Bugz Ronin, a producer from Pennsylvania, met Lil Uzi in 2015. He’s been recording frequently with Uzi since then, and five songs he worked on ended up on Eternal Atake, including “Baby Pluto,” “Homecoming” and “Lo Mein.” Ronin says that Uzi often takes an unusual approach to his music: he often doesn’t hear what he’s going to rap over until he’s about to record. “He’s very in the moment,” Ronin says. “Most of the time I wait until he’s in the booth to play a beat on his headphones, so the ideas are fresh.”
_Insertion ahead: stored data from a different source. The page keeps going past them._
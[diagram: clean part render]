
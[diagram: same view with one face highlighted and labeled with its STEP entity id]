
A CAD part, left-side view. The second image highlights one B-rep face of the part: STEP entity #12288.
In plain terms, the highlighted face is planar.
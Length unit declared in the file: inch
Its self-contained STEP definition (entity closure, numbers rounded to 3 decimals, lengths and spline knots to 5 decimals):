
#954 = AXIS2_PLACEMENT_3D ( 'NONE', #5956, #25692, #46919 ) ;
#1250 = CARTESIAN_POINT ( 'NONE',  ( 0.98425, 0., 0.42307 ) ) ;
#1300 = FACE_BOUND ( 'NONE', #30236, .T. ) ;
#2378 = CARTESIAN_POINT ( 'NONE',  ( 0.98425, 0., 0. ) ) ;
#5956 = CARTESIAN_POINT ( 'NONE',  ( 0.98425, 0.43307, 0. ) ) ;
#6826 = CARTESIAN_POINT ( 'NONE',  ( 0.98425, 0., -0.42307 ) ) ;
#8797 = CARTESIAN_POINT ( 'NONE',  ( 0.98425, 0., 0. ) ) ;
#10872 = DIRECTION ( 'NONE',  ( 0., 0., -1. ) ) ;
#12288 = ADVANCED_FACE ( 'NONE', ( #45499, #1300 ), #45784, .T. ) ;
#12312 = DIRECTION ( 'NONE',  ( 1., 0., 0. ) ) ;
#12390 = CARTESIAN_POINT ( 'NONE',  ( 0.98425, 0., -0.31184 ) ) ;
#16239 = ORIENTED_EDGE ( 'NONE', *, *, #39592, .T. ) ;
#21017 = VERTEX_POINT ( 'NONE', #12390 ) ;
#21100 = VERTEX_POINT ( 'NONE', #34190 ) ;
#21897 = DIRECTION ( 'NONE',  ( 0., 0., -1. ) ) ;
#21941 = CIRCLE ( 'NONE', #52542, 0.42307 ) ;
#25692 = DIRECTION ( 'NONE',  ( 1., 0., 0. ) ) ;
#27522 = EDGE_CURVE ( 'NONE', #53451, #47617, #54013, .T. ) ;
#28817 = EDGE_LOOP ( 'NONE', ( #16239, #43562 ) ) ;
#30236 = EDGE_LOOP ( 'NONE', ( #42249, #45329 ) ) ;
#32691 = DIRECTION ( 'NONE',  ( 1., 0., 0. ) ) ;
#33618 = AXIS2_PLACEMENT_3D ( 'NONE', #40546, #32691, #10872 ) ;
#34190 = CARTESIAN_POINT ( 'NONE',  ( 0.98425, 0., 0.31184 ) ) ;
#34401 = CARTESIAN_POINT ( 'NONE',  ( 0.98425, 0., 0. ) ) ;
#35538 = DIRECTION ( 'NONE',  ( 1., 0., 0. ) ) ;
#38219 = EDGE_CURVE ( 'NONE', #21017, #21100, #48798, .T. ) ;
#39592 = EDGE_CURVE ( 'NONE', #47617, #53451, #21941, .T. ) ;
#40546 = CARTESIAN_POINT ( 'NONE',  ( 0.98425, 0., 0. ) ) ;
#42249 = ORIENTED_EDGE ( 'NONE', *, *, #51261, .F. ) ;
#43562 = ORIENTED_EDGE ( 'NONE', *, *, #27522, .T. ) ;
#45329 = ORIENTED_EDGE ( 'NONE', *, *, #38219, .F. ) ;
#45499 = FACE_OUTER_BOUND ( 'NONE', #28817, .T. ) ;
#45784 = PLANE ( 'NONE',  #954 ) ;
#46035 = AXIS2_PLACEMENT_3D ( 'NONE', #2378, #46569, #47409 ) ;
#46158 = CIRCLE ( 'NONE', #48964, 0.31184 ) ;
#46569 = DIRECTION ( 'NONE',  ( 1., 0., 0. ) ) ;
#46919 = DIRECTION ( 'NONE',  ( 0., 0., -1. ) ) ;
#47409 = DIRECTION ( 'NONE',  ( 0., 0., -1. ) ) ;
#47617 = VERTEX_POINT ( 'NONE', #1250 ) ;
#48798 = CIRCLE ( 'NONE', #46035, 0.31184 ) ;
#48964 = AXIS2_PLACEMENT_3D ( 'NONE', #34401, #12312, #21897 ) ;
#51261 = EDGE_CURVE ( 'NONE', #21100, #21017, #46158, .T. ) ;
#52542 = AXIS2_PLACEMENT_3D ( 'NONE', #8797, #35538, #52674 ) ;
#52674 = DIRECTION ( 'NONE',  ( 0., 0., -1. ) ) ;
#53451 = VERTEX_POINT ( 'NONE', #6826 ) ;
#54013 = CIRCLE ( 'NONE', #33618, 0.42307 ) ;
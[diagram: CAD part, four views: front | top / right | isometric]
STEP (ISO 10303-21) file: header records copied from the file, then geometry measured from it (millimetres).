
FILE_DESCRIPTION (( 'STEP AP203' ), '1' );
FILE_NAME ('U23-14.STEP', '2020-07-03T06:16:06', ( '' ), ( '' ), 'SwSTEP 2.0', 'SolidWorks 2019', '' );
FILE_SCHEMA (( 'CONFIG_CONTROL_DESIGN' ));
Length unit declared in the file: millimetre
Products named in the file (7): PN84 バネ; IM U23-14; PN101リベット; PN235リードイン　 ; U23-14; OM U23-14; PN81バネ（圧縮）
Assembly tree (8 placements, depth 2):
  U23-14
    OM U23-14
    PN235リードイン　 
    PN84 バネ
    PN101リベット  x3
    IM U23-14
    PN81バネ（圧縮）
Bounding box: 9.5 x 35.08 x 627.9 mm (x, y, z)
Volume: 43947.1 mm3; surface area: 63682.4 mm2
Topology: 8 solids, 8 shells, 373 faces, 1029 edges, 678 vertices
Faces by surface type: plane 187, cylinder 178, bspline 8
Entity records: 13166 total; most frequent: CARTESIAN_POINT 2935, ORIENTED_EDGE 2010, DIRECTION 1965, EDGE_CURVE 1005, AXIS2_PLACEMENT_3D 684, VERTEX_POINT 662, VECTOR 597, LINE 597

Ronin’s favorite song of the album is “Homecoming,” in which Uzi raps frantically over a seizing trap beat. When Ronin started to make the beat in the studio, he assumed Uzi was just on his phone; instead, he was writing the whole song. “Homecoming” was done in a little over an hour. “It happened so fast—it was such a high,” Ronin says. “I don’t think he’s from here.”
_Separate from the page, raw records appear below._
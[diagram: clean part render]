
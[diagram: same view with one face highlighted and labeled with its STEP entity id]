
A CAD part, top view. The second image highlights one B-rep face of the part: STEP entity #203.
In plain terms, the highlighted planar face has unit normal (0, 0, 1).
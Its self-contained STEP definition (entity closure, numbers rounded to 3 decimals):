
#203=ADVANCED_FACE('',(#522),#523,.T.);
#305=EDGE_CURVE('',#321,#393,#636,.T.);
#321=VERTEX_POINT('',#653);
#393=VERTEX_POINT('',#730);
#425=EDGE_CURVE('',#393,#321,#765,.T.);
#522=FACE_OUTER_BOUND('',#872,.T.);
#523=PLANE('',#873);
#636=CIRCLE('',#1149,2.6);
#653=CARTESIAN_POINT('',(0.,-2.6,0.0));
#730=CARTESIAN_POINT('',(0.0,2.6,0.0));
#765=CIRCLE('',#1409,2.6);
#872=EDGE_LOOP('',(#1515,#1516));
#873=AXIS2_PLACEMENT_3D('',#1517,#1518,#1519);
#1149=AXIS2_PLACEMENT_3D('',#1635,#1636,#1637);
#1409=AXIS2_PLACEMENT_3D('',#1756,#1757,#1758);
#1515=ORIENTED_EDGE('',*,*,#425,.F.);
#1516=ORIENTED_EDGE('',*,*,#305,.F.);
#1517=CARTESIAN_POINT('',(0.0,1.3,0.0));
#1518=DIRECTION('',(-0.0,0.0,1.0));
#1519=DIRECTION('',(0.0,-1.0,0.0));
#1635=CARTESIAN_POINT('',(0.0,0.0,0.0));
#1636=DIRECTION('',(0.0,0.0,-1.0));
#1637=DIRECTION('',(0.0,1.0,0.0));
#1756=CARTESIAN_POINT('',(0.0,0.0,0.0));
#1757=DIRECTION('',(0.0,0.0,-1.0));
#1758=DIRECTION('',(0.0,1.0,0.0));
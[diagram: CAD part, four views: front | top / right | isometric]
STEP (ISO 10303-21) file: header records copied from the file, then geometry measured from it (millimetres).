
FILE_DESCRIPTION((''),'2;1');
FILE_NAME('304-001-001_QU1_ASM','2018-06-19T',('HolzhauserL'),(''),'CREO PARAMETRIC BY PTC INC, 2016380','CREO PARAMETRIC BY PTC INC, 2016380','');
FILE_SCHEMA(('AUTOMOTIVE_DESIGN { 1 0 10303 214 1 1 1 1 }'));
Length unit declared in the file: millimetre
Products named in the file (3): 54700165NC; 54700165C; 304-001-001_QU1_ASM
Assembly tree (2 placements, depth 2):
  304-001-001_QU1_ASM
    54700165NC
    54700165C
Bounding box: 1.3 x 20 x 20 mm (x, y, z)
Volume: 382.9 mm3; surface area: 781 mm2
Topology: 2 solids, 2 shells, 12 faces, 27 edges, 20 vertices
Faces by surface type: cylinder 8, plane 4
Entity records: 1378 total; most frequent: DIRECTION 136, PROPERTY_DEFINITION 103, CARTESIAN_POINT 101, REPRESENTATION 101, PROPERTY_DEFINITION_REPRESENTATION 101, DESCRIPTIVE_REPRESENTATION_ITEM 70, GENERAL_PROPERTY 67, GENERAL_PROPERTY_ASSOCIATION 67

At the end of “Homecoming,” a skit emerges in which Uzi attempts to eject himself from an extraterrestrial prison. While the concept perhaps seems too strange for mass consumption, Eternal Atake landed the biggest streaming week since 2018, when Lil Wayne released Tha Carter V. The album was also met with glowing reviews: “It’s a seamless blend of drill-influenced rapping, melodic crooning, and beats that are aware of hip-hop’s trends, but stretch them to places unimaginable,” Alphonse Pierre wrote in his Pitchfork review.
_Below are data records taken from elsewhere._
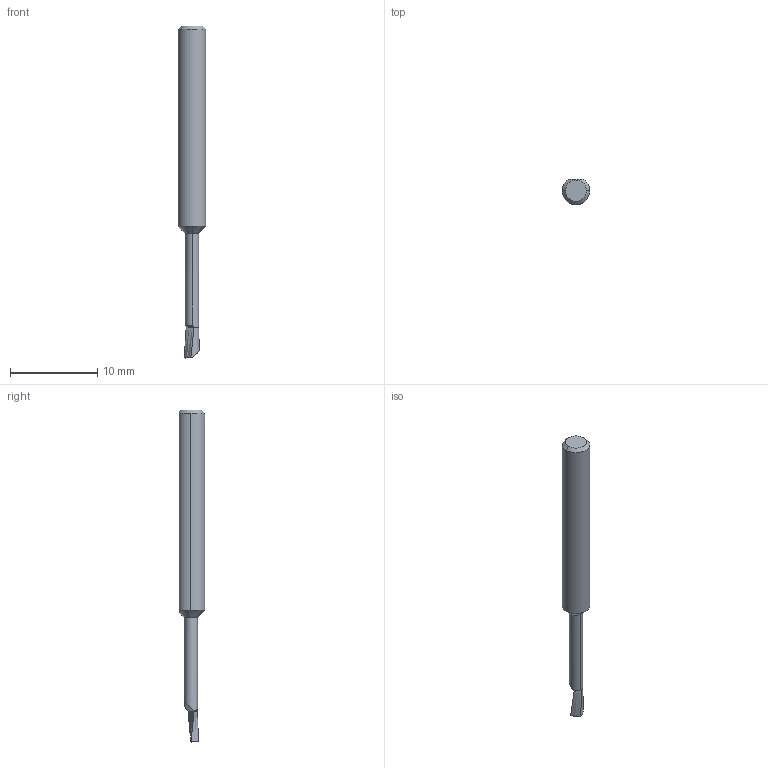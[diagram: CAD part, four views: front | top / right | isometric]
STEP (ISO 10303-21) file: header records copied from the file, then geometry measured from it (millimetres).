
FILE_DESCRIPTION (( 'STEP AP214' ), '1' );
FILE_NAME ('Micro_HBBC-070562-004.STEP', '2021-09-03T22:02:19', ( '' ), ( '' ), 'SwSTEP 2.0', 'SolidWorks 2020', '' );
FILE_SCHEMA (( 'AUTOMOTIVE_DESIGN' ));
Length unit declared in the file: inch
Products named in the file (1): Micro_HBBC-070562-004
Bounding box: 3.17 x 2.92 x 38.1 mm (x, y, z)
Volume: 200.3 mm3; surface area: 307.2 mm2
Topology: 1 solids, 1 shells, 21 faces, 49 edges, 30 vertices
Faces by surface type: cylinder 6, cone 6, plane 6, bspline 3
Entity records: 1096 total; most frequent: CARTESIAN_POINT 630, ORIENTED_EDGE 98, DIRECTION 78, EDGE_CURVE 49, AXIS2_PLACEMENT_3D 33, VERTEX_POINT 30, FACE_OUTER_BOUND 21, EDGE_LOOP 21
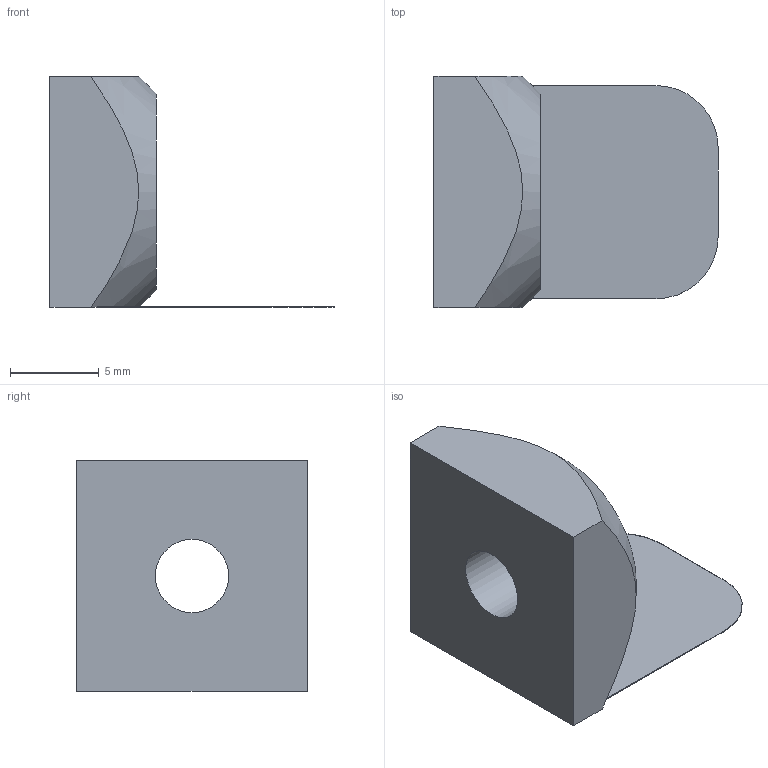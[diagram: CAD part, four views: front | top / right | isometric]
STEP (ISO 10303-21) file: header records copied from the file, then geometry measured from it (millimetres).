
FILE_DESCRIPTION(/* description */ ('Matice 45 s pružinou'),/* implementation_level */ '2;1');
FILE_NAME(/* name */ '210502.stp',/* time_stamp */ '2014-01-07T07:43:57+01:00',/* author */ ('AlutecKK'),/* organization */ (''),/* preprocessor_version */ 'ST-DEVELOPER v15.2',/* originating_system */ 'Autodesk Inventor 2014',/* authorisation */ '');
FILE_SCHEMA (('AUTOMOTIVE_DESIGN { 1 0 10303 214 3 1 1 }'));
Length unit declared in the file: millimetre
Products named in the file (1): 210502
Bounding box: 16 x 13 x 13 mm (x, y, z)
Volume: 855 mm3; surface area: 903.6 mm2
Topology: 1 solids, 1 shells, 14 faces, 37 edges, 25 vertices
Faces by surface type: plane 10, cylinder 3, cone 1
Full cylindrical faces by diameter (mm): 4.134 x1
Entity records: 425 total; most frequent: CARTESIAN_POINT 87, ORIENTED_EDGE 66, DIRECTION 62, EDGE_CURVE 33, VERTEX_POINT 23, AXIS2_PLACEMENT_3D 22, EDGE_LOOP 18, LINE 18

Keith Caulfield, the senior director of charts at Billboard, says that Eternal Atake’s astonishing success was fueled both by Uzi’s singular creative vision and a range of industry factors. “Part of it was we’ve waited so long. Part of it is streaming has become so enormous. Part of it is that hip-hop dominates streaming,” he says. “It’s the perfect storm.”
Lil Uzi’s success shows the shifting of many power balances—from album sales to streaming, from executive control to artist control, from rigid genre boundaries to a fluid free-for-all. Ellis noted that Uzi’s refusal to compromise his strong sense of self for convention or a trend is apparent when it comes to his personal style and the visual concepts for his work, going so far as to compare him to artists like Kanye West and Pharrell, whose creative endeavors span multiple channels.
“He has staying power and such a multitude of talents,” she says. “You could see him going into visual arts, you could see him going into fashion, you could see him going into museum curation. He’s not a Soundcloud rapper—he’s just in Uzi land.”